-------- SUPPLIED MATERIAL
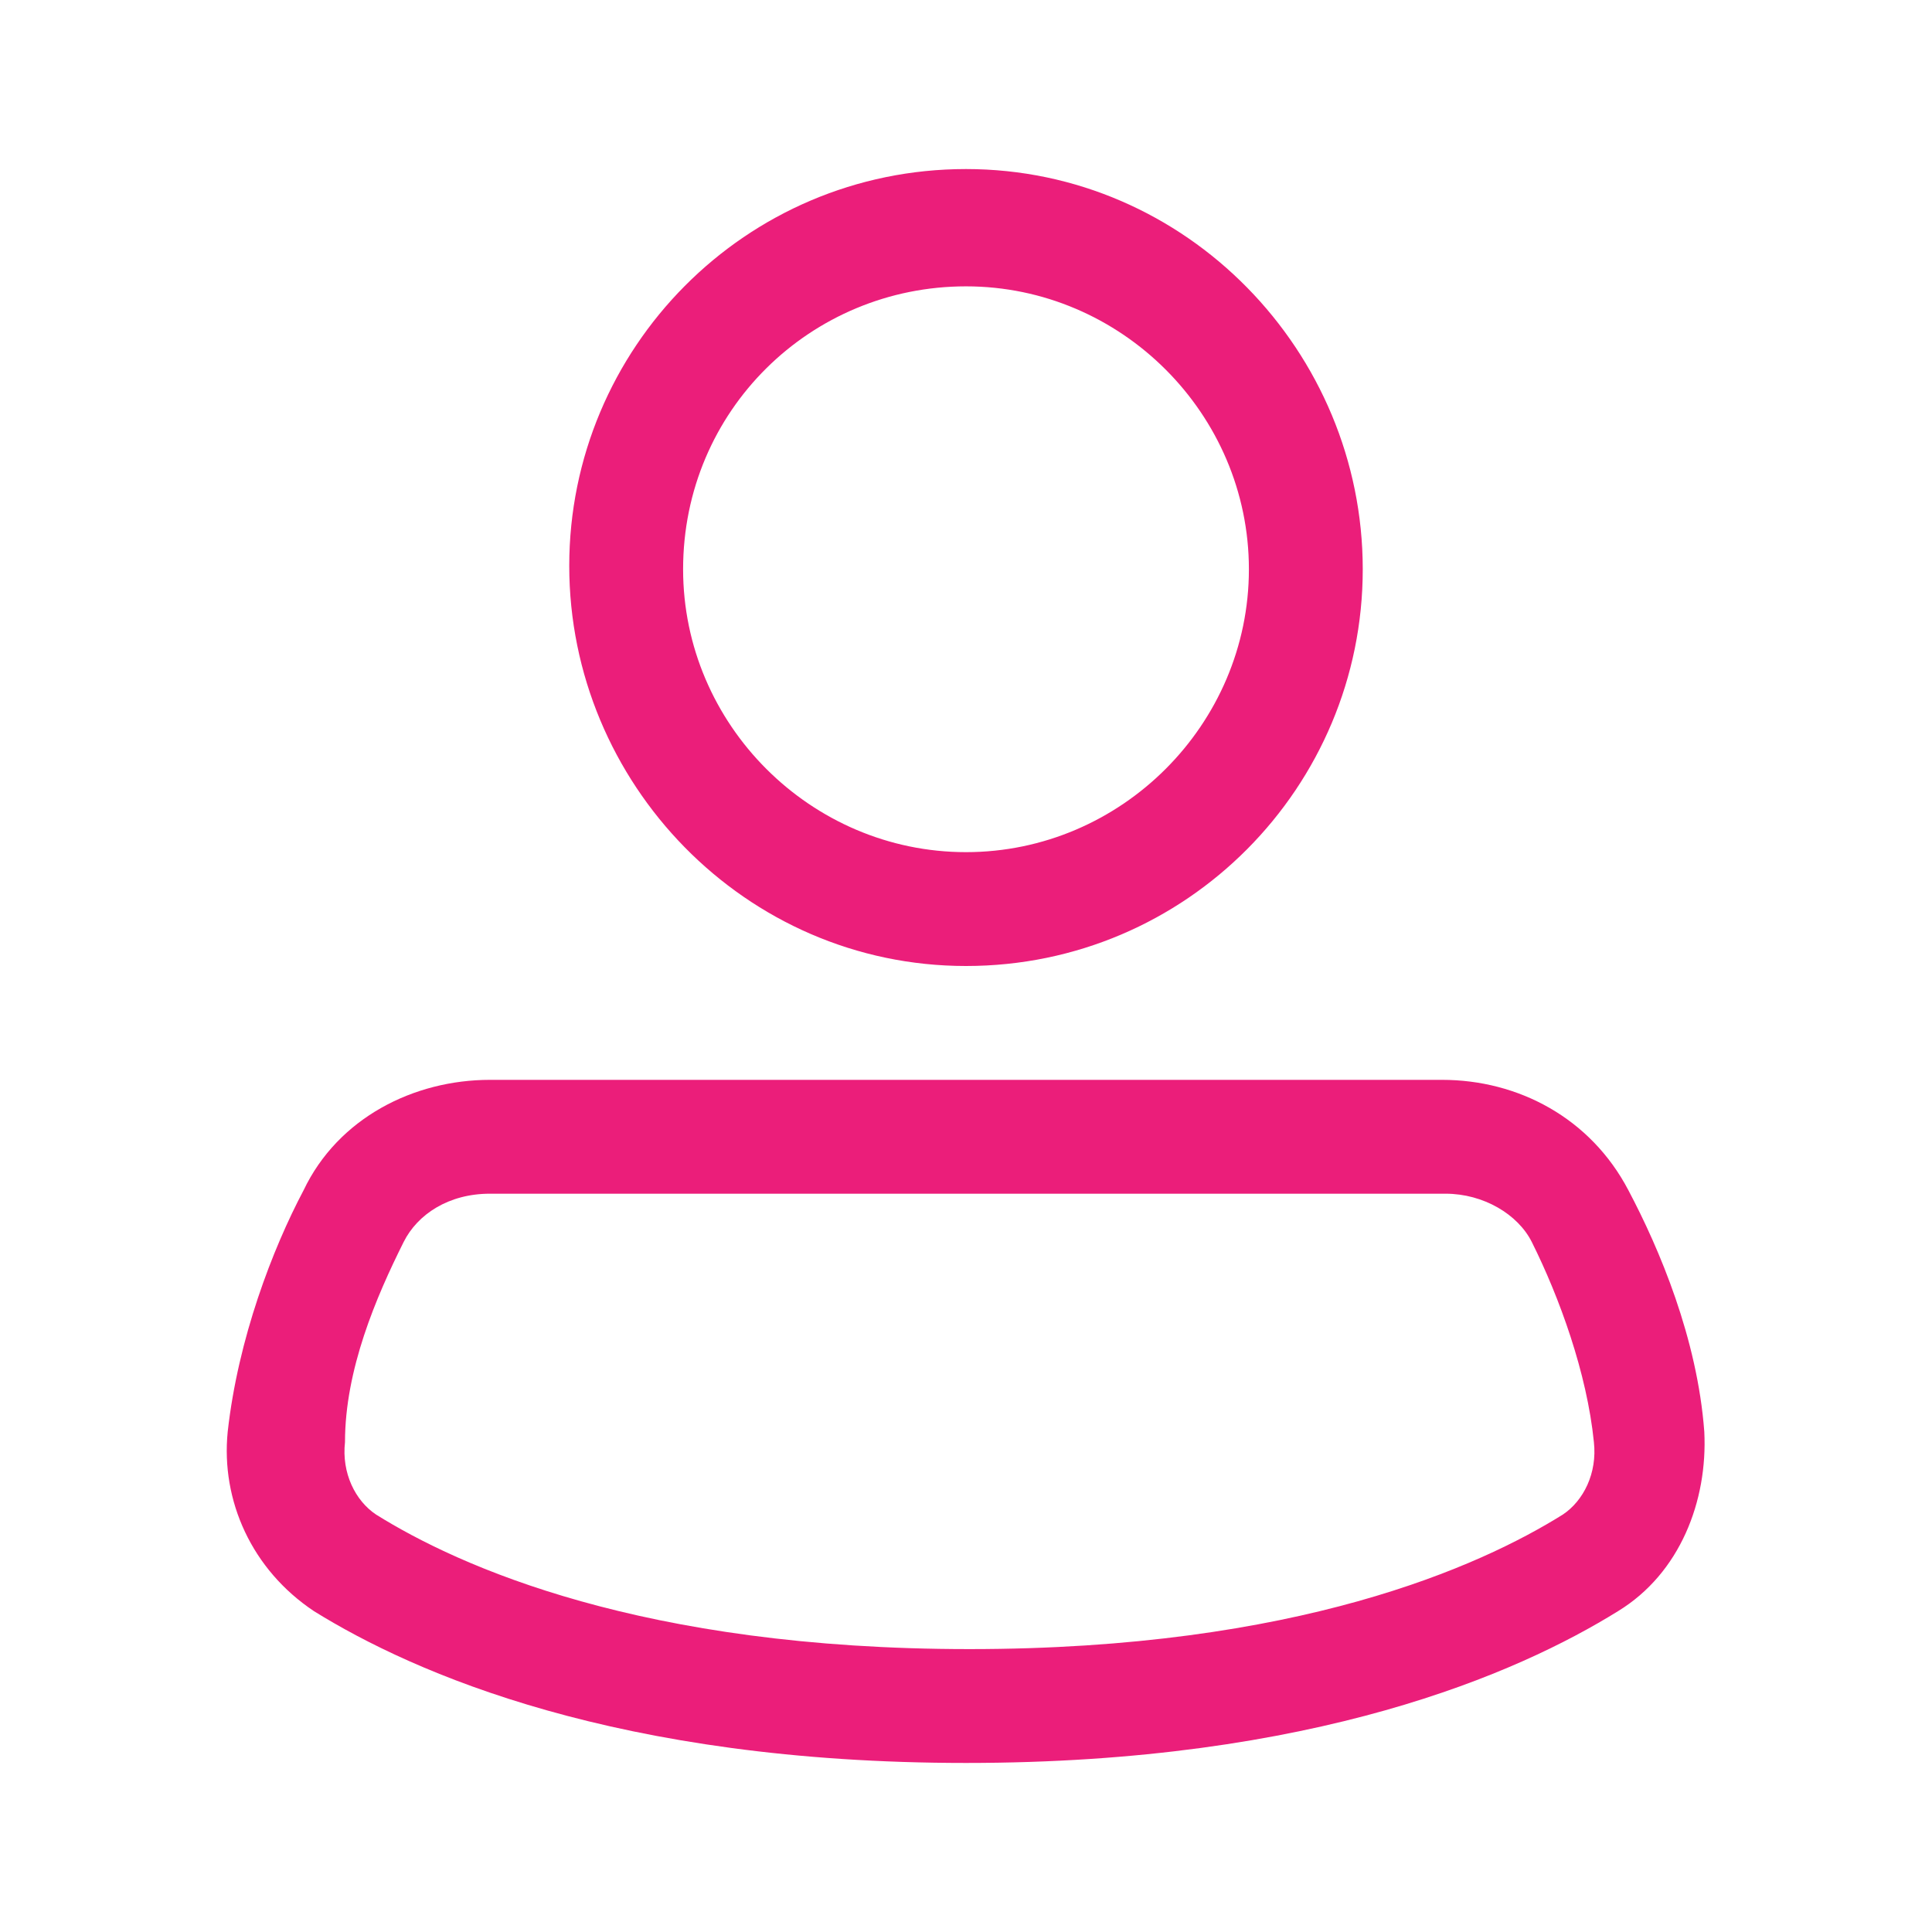 <svg version="1.1" id="Layer_1" xmlns="http://www.w3.org/2000/svg" xmlns:xlink="http://www.w3.org/1999/xlink" x="0px" y="0px"
	 viewBox="0 0 56 56" style="enable-background:new 0 0 56 56;" xml:space="preserve">
<style type="text/css">
	.st0{fill-rule:evenodd;clip-rule:evenodd;fill:#EB1E7A;}
</style>
<g>
	<path class="st0" d="M28,4.9c-6.4,0-11.5,5.2-11.5,11.5S21.6,28,28,28s11.5-5.2,11.5-11.5S34.4,4.9,28,4.9z M19.8,16.5
		c0-4.6,3.7-8.2,8.2-8.2s8.2,3.7,8.2,8.2s-3.7,8.2-8.2,8.2S19.8,21,19.8,16.5z"/>
	<path class="st0" d="M14.2,31.3c-2.2,0-4.4,1.1-5.4,3.2c-0.9,1.7-1.9,4.3-2.2,7c-0.2,2,0.7,4,2.5,5.2c2.9,1.8,8.8,4.4,18.9,4.4
		s16-2.6,18.9-4.4c1.8-1.1,2.6-3.2,2.5-5.2c-0.2-2.7-1.3-5.3-2.2-7c-1.1-2.1-3.2-3.2-5.4-3.2H14.2z M11.7,36
		c0.4-0.8,1.3-1.4,2.5-1.4h27.7c1.1,0,2.1,0.6,2.5,1.4c0.8,1.6,1.6,3.8,1.8,5.8c0.1,0.9-0.3,1.7-0.9,2.1c-2.4,1.5-7.7,3.9-17.2,3.9
		s-14.8-2.4-17.2-3.9c-0.6-0.4-1-1.2-0.9-2.1C10,39.7,10.9,37.6,11.7,36z"/>
</g>
</svg>
----------------
**WHAT NEEDS TO BE DONE**. Transcribe the listing exactly. Its images are to be omitted.

**RESULT OF THE TASK**.
 <svg version="1.1" id="Layer_1" xmlns="http://www.w3.org/2000/svg" xmlns:xlink="http://www.w3.org/1999/xlink" x="0px" y="0px"
	 viewBox="0 0 56 56" style="enable-background:new 0 0 56 56;" xml:space="preserve">
<style type="text/css">
	.st0{fill-rule:evenodd;clip-rule:evenodd;fill:#EB1E7A;}
</style>
<g>
	<path class="st0" d="M28,4.9c-6.4,0-11.5,5.2-11.5,11.5S21.6,28,28,28s11.5-5.2,11.5-11.5S34.4,4.9,28,4.9z M19.8,16.5
		c0-4.6,3.7-8.2,8.2-8.2s8.2,3.7,8.2,8.2s-3.7,8.2-8.2,8.2S19.8,21,19.8,16.5z"/>
	<path class="st0" d="M14.2,31.3c-2.2,0-4.4,1.1-5.4,3.2c-0.9,1.7-1.9,4.3-2.2,7c-0.2,2,0.7,4,2.5,5.2c2.9,1.8,8.8,4.4,18.9,4.4
		s16-2.6,18.9-4.4c1.8-1.1,2.6-3.2,2.5-5.2c-0.2-2.7-1.3-5.3-2.2-7c-1.1-2.1-3.2-3.2-5.4-3.2H14.2z M11.7,36
		c0.4-0.8,1.3-1.4,2.5-1.4h27.7c1.1,0,2.1,0.6,2.5,1.4c0.8,1.6,1.6,3.8,1.8,5.8c0.1,0.9-0.3,1.7-0.9,2.1c-2.4,1.5-7.7,3.9-17.2,3.9
		s-14.8-2.4-17.2-3.9c-0.6-0.4-1-1.2-0.9-2.1C10,39.7,10.9,37.6,11.7,36z"/>
</g>
</svg>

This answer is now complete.